**To do**.
Leave out the pictures and copy each record below exactly.

(Records from a data source)
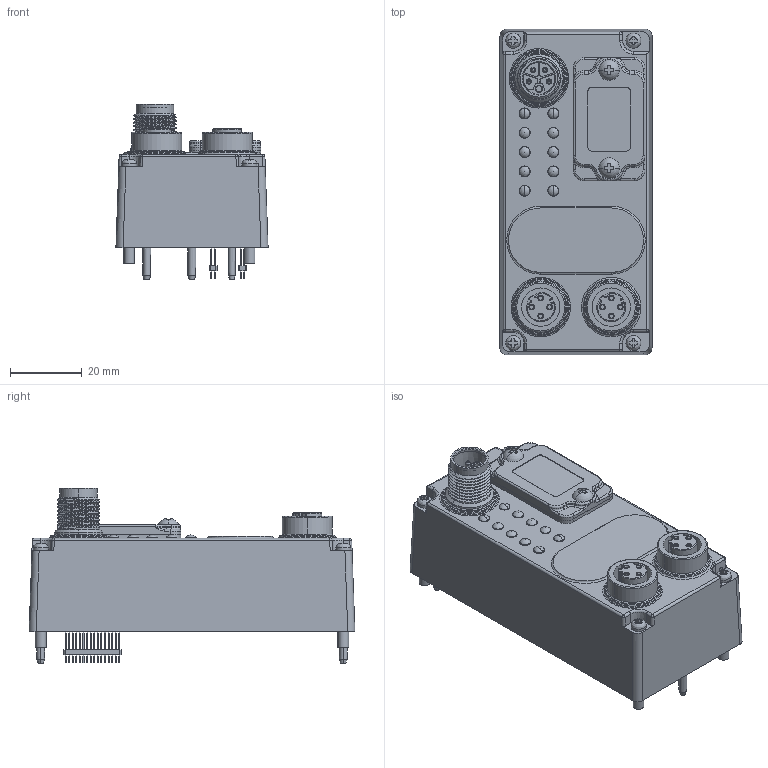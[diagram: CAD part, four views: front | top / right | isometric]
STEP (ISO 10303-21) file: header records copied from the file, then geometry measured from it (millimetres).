
FILE_DESCRIPTION(/* description */ (''),/* implementation_level */ '2;1');
FILE_NAME(/* name */ '以太网阀岛_3口-市场.stp',/* time_stamp */ '2025-11-12T17:18:43+08:00',/* author */ (''),/* organization */ (''),/* preprocessor_version */ 'ST-DEVELOPER v20',/* originating_system */ 'SIEMENS PLM Software NX2412.5001',/* authorisation */ '');
FILE_SCHEMA (('AUTOMOTIVE_DESIGN { 1 0 10303 214 3 1 1 1 }'));
Products named in the file (1): IO-Link 主站阀岛_-5口-市场_
stp_objects
Bounding box: 42.5 x 91 x 48.9 mm (x, y, z)
Volume: 91318.8 mm3; surface area: 34800.5 mm2
Topology: 16 solids, 40 shells, 2233 faces, 5617 edges, 3624 vertices
Faces by surface type: plane 1452, cylinder 425, cone 191, torus 107, sphere 32, bspline 26
Full cylindrical faces by diameter (mm): 1 x4, 1.2 x1, 1.49 x8, 1.8 x8, 2 x8, 2.04 x1, 2.2 x3, 2.7 x1, 3 x2, 3.01 x4, 4.21 x4
Entity records: 70524 total; most frequent: CARTESIAN_POINT 14843, ORIENTED_EDGE 10970, DIRECTION 10955, EDGE_CURVE 5485, LINE 3823, VECTOR 3823, VERTEX_POINT 3586, AXIS2_PLACEMENT_3D 3566

**Task solution**.
[diagram: CAD part, four views: front | top / right | isometric]
STEP (ISO 10303-21) file: header records copied from the file, then geometry measured from it (millimetres).
FILE_DESCRIPTION(/* description */ (''),/* implementation_level */ '2;1');
FILE_NAME(/* name */ '以太网阀岛_3口-市场.stp',/* time_stamp */ '2025-11-12T17:18:43+08:00',/* author */ (''),/* organization */ (''),/* preprocessor_version */ 'ST-DEVELOPER v20',/* originating_system */ 'SIEMENS PLM Software NX2412.5001',/* authorisation */ '');
FILE_SCHEMA (('AUTOMOTIVE_DESIGN { 1 0 10303 214 3 1 1 1 }'));
Products named in the file (1): IO-Link 主站阀岛_-5口-市场_
stp_objects
Bounding box: 42.5 x 91 x 48.9 mm (x, y, z)
Volume: 91318.8 mm3; surface area: 34800.5 mm2
Topology: 16 solids, 40 shells, 2233 faces, 5617 edges, 3624 vertices
Faces by surface type: plane 1452, cylinder 425, cone 191, torus 107, sphere 32, bspline 26
Full cylindrical faces by diameter (mm): 1 x4, 1.2 x1, 1.49 x8, 1.8 x8, 2 x8, 2.04 x1, 2.2 x3, 2.7 x1, 3 x2, 3.01 x4, 4.21 x4
Entity records: 70524 total; most frequent: CARTESIAN_POINT 14843, ORIENTED_EDGE 10970, DIRECTION 10955, EDGE_CURVE 5485, LINE 3823, VECTOR 3823, VERTEX_POINT 3586, AXIS2_PLACEMENT_3D 3566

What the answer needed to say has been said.